Words alone can’t put the war and its reverberations into perspective. But MediaStorm and Reuters have pulled together, in one package, one of the most comprehensive, iconic multimedia and photojournalism presentations about the Iraq war. Its timeline is richly illustrated with captivating imagery that creates a visceral historical context. This is the kind of coverage that has brought scrutiny to the premise and practices of modern war.
This is the kind of coverage we need to focus on water and our other great challenges. And not just on the drama of tragedy, but also on the promise of opportunity. We have to bear witness and give water the global stage that eluded Mr. Gorbachev at that ill-fated forum. We have to connect water issues to our world affairs and, more crucially, our daily existence. If I might take a turn from Mr. Marshall, I am convinced that covering water extensively and deeply is a also worthwhile thing. It can bring about change. And it is worth us investing our lives.

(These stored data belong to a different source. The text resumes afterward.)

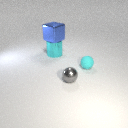
large cyan metal cylinder behind small gray metal sphere
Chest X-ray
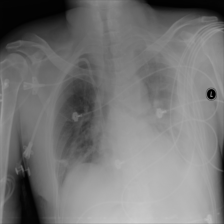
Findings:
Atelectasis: negative
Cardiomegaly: negative
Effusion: positive
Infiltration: negative
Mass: negative
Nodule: negative
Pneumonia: negative
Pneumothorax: negative
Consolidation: positive
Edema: negative
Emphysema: negative
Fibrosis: negative
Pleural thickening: negative
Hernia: negative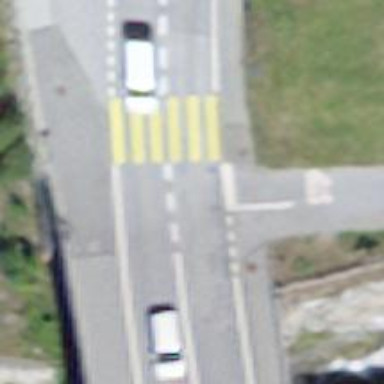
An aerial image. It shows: Uncontrolled zebra crossing on the road.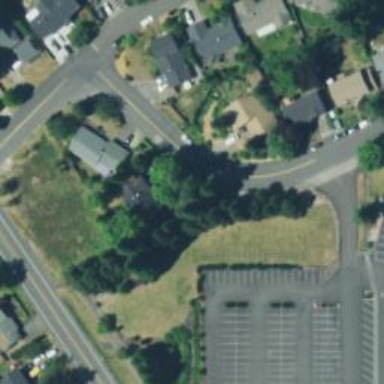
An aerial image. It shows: Tertiary road with sidewalk on the left.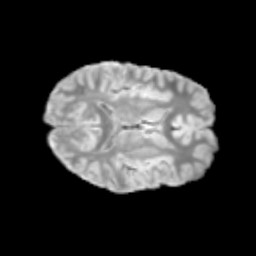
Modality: T2w
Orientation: axial
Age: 10
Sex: male
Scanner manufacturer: siemens
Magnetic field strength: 3 T
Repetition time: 3.8 s
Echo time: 0.07 s
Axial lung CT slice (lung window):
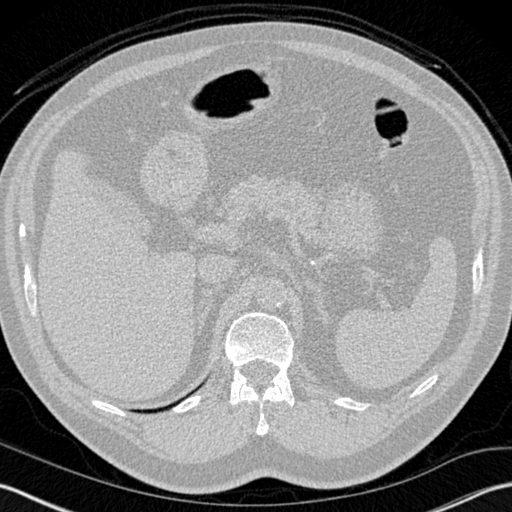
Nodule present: no
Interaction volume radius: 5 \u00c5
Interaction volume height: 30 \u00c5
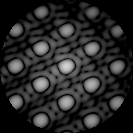
Disorder parameter: 0.06179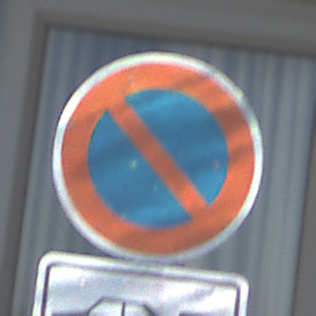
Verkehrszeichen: EingeschraenktesHalteverbot
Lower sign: HinweisDurchSinnbild15
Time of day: MorningAfternoon
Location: Outdoor (Urban)
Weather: Clear
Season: NotSpecified
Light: Natural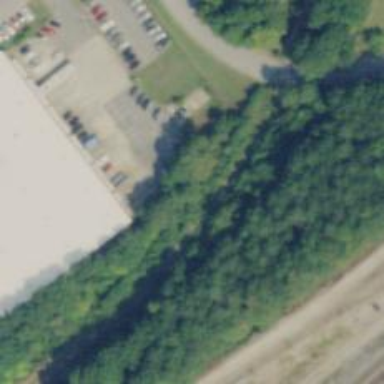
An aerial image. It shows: Abandoned railway spur.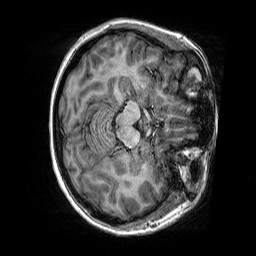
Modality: T1w
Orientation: axial
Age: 22
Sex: female
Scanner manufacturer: siemens
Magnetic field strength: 3 T
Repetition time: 2.3 s
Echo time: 0.00306 s
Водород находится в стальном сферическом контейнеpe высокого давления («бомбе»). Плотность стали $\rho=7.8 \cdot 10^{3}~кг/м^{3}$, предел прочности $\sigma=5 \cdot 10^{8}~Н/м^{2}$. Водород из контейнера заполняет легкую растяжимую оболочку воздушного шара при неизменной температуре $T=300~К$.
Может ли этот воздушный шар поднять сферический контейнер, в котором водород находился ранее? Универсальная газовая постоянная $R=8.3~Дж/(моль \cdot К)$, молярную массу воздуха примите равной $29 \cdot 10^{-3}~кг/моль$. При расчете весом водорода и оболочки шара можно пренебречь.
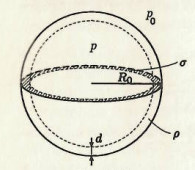
Решение: Максимальное давление газа в сферической оболочке может быть найдено из условия равновесия двух полусферических частей оболочки(внешнее давление $p_{0} \ll p)$. Обе половинки оболочки расталкиваются за счет давления газа внутри силами $\pi R_{0}^{2} p$ (см. рисунок).  Поэтому $$ \pi R_{0}^{2} p \leqslant 2 \pi R_{0} d \sigma. $$ Если газ (водород) поступает в легкую растяжимую оболочку воздушного шара, его давление падает до атмосферного давления $p_{0}$ (температура $T$ предполагается неизменной). Объем шара становится равным $$ V=\frac{4 \pi R_{0}^{3}}{3} \frac{p}{p_{0}} . $$ Вес стальной сферической оболочки по условию не должен превышать выталкивающей силы: $$ 4 \pi R_{0}^{2} d \rho g \leqslant \frac{4 \pi R_{0}^{3}}{3} \frac{p}{p_{0}} \rho_{возд} g . $$ Из этих соотношений следует: $$ \frac{\sigma}{\rho} \geqslant \frac{3 p_{0}}{2 \rho_{возд}}=\frac{3}{2} \frac{R T}{\mu_{возд}} $$ Здесь $R$ — универсальная газовая постоянная, $\mu_{возд}$ — средняя молярная масса воздуха, $T=300~К$ — температура воздуха. Числовой расчет показывает, что это условие не выполняется: $$ \left(\frac{\sigma}{\rho}\right)_{сталь} \approx 0.63 \cdot 10^{5} \frac{Н \cdot м}{кг}, \quad \frac{3}{2} \frac{R T}{\mu_{возд}} \approx 1.3 \cdot 10^{5} \frac{Н \cdot м}{кг} . $$
Ответ: Воздушный шар не может поднять сферический контейнер, в котором водород находился ранее.
Темы:
T, Термодинамика, Всероссийские, Упругость, Сила Архимеда, Изопроцессы

I believe it can be done, starting with the courage and talent of journalists, and extending into the arts, sciences, education, culture and all the ways we as a society speak amongst ourselves. We can look farther and deeper into the roots of violence and show how very often water lies there. We can make the subtleties and complexities of a fundamental subject compelling, personal and comprehensible. We have the technology. We as communicators must summon the will.
The world water crisis is tapping on the world’s front door. Drought and Deluge’s children are already at home in so many places. Let us remember Mr. Gorbachev’s plea, and turn our conflicts into collaborations. And let us turn our attention to the young citizens of the world. Their future is ours to write.
J. Carl Ganter is director of Circle of Blue, a nonprofit journalism, data and social media project of the Pacific Institute that focuses on global freshwater issues.